Volume 7, Number 4—August 2001
West Nile Virus
West Nile Virus
Mosquito Surveillance for West Nile Virus in Connecticut, 2000: Isolation from Culex pipiens, Cx. restuans, Cx. salinarius, and Culiseta melanura
Fourteen isolations of West Nile (WN) virus were obtained from four mosquito species (Culex pipiens , Cx. restuans , Cx. salinarius , and Culiseta melanura ) in statewide surveillance conducted from June through October 2000. Most isolates were obtained from mosquitoes collected in densely populated residential locales in Fairfield and New Haven counties, where the highest rates of dead crow sightings were reported and where WN virus was detected in 1999. Minimum field infection rates per 1,000 mosquitoes ranged from 0.5 to 1.8 (county based) and from 1.3 to 76.9 (site specific). Cx. restuans appears to be important in initiating WN virus transmission among birds in early summer; Cx. pipiens appears to play a greater role in amplifying virus later in the season. Cs. melanura could be important in the circulation of WN virus among birds in sylvan environments; Cx. salinarius is a suspected vector of WN virus to humans and horses.
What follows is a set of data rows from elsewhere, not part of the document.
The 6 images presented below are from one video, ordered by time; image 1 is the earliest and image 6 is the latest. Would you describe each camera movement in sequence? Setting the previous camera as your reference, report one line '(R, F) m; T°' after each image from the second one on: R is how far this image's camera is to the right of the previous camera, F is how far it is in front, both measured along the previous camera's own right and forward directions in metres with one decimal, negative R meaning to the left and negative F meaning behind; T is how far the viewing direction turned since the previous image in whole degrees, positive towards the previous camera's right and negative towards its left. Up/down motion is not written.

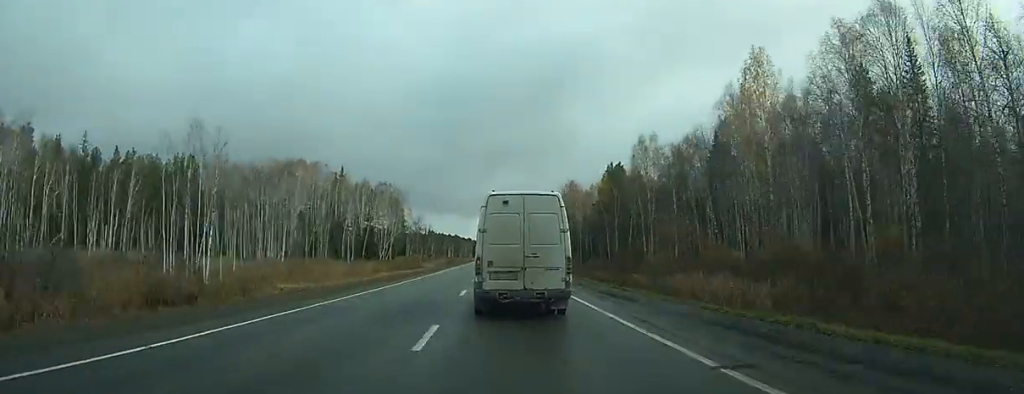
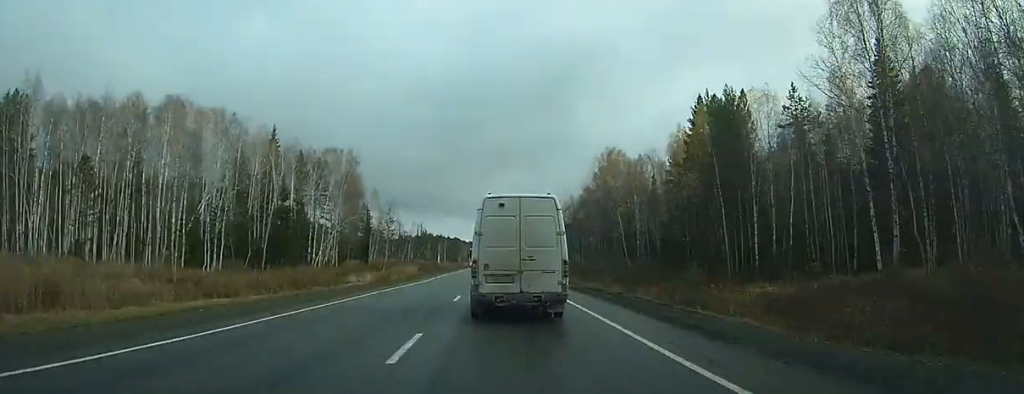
(+0.5, +60.2) m; 0°
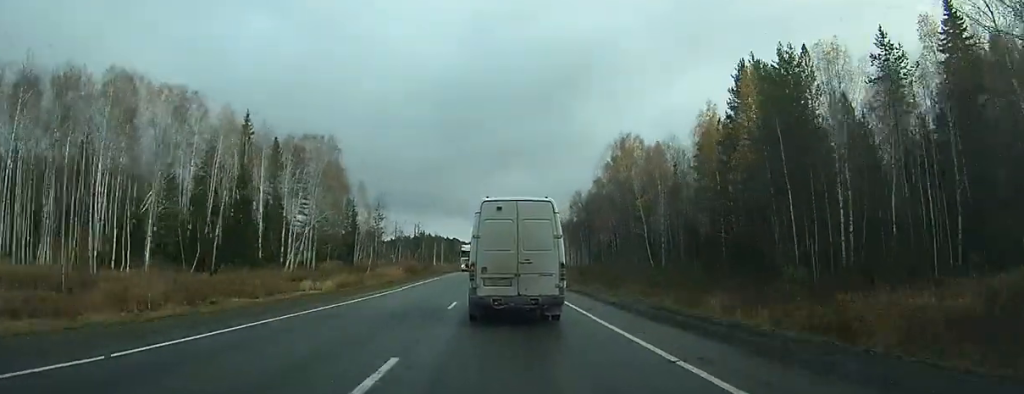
(+0.1, +15.0) m; 0°
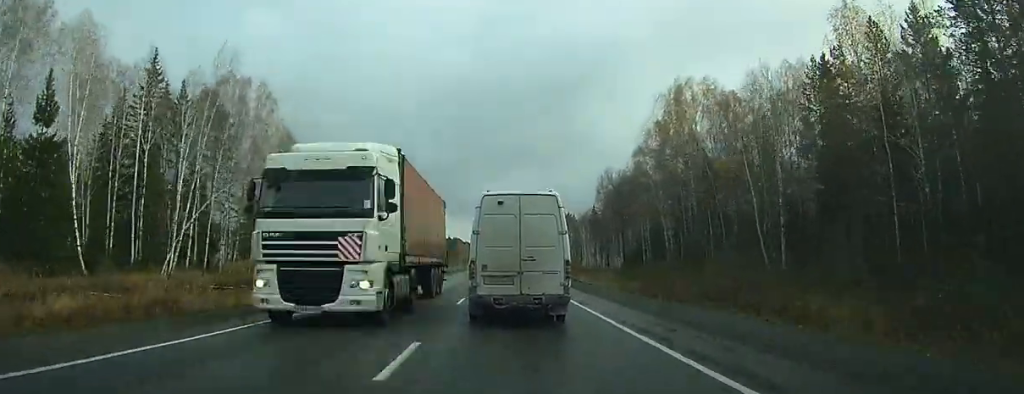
(-0.4, +35.8) m; -1°
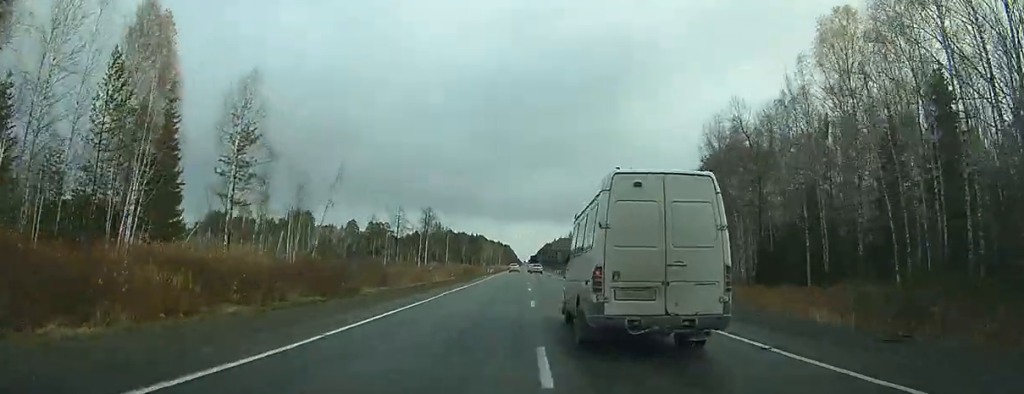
(-0.6, +47.0) m; -1°
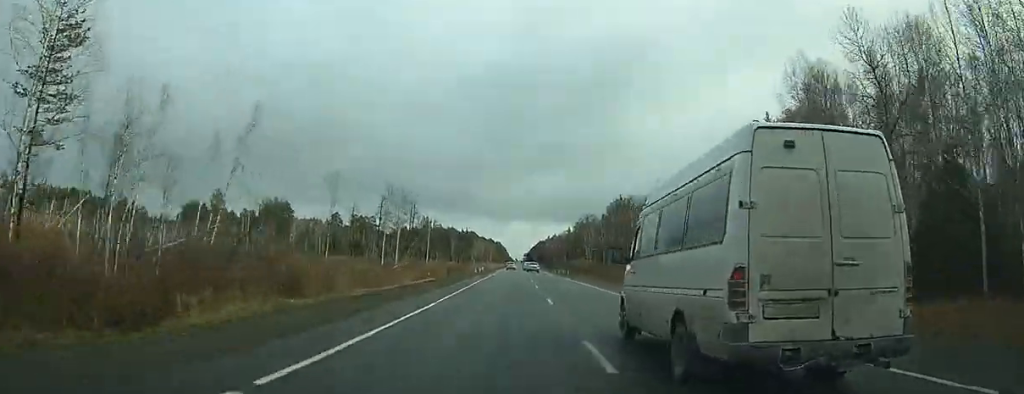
(-0.4, +21.6) m; 0°
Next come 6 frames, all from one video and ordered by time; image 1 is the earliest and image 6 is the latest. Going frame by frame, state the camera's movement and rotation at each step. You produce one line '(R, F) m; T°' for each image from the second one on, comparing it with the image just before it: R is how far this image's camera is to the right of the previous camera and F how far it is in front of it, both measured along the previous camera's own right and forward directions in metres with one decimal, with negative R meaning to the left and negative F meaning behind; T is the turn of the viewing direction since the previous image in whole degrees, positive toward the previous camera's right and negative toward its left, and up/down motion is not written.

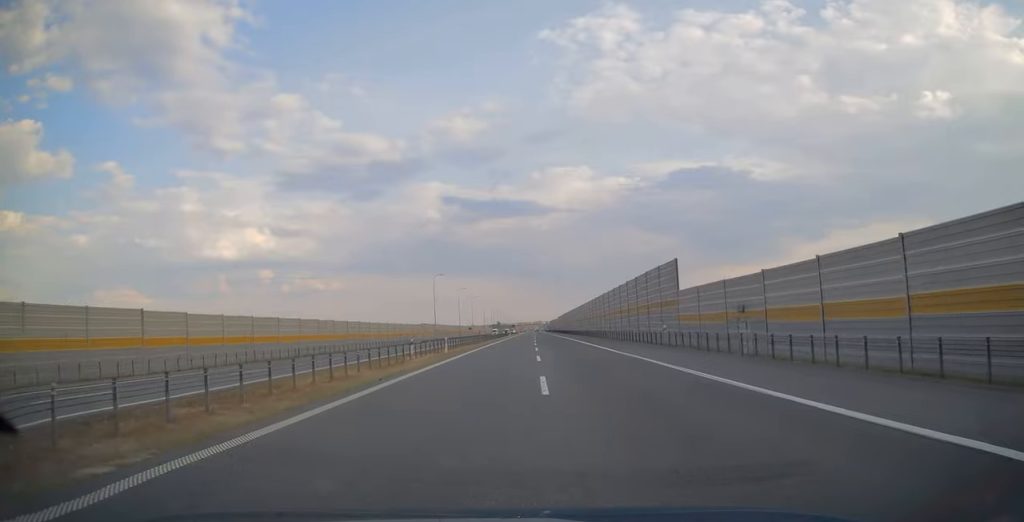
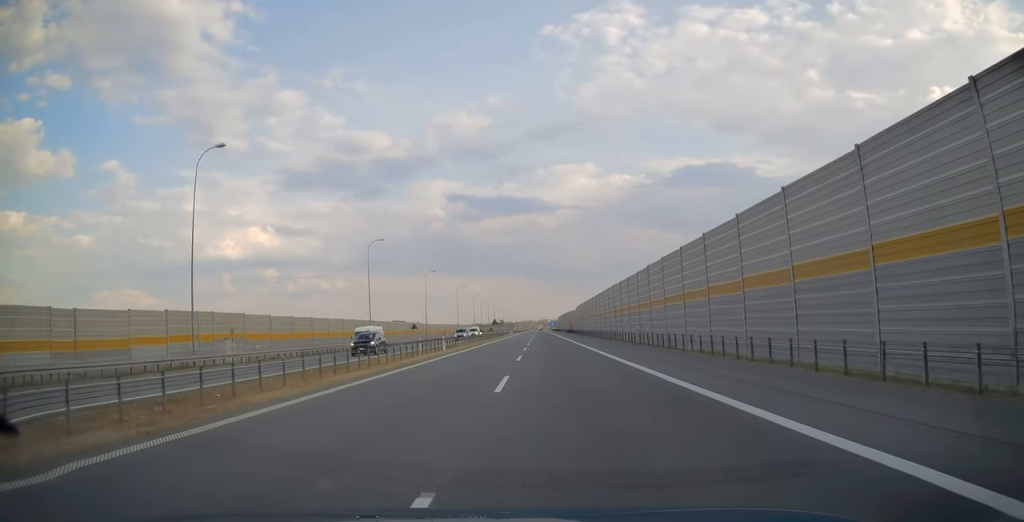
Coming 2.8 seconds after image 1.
(-0.1, +94.9) m; 0°
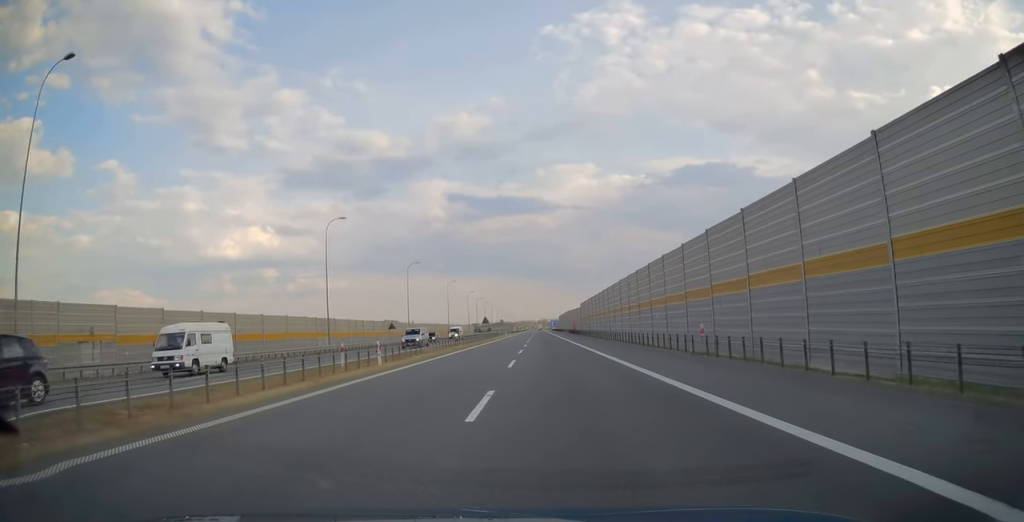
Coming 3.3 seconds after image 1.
(0.0, +16.2) m; 0°
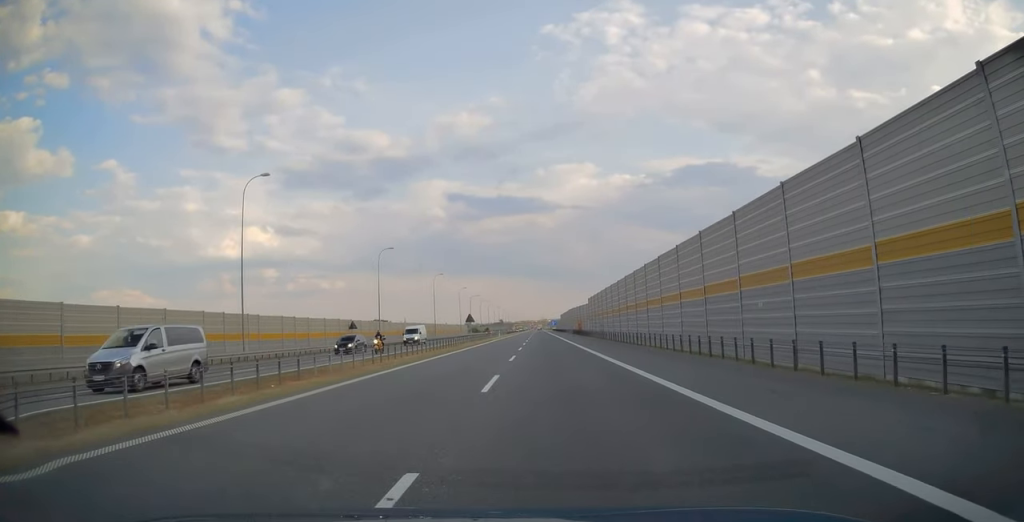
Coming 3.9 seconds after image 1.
(0.0, +19.5) m; 0°
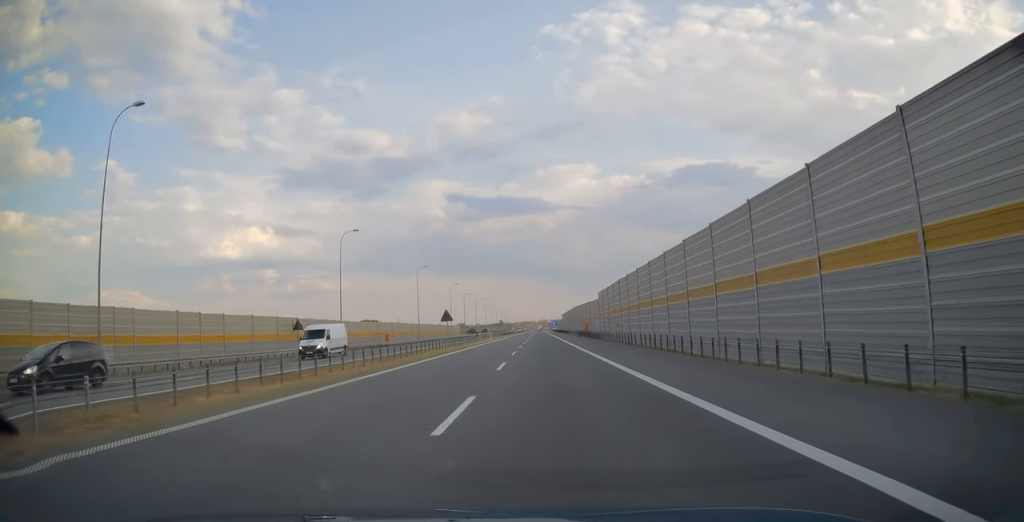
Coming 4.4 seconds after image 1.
(0.0, +17.3) m; 0°
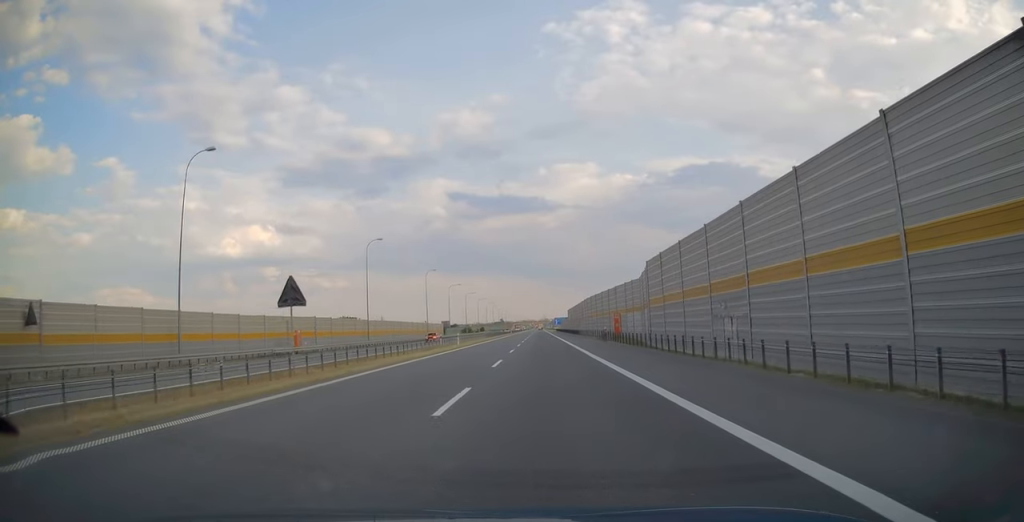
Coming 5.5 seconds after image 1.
(0.0, +34.5) m; 0°

Epizootic West Nile (WN) virus activity was first detected in Connecticut during September and October 1999 (1). Substantial die-offs among American crows, Corvus brachyrhynchos, was observed along a 100-km corridor bordering New York State and Long Island Sound in the southwestern corner of the state (lower Fairfield and New Haven counties). During that period, WN virus was isolated from 72 of 86 crows; a Cooper's hawk, Accipiter cooperii; and a Sandhill crane, Grus canadensis, housed at a local zoo (1,2). Expanded mosquito surveillance in the affected region yielded the first isolates of the virus from two species of mosquitoes, Aedes vexans and Culex pipiens (one pool each), that were trapped in Greenwich, adjacent to the New York border, in mid-September. Despite substantial crow deaths, no additional virus isolates were obtained from >3,500 mosquitoes collected from several hundred traps placed in urban and suburban locations where WN virus-infected crows were found. Neither was WN virus detected in >45,000 mosquitoes (30 species) trapped from June through October in other areas of the state and tested for arboviruses as part of our annual mosquito surveillance program (3). No human or equine cases of WN virus were reported in the state.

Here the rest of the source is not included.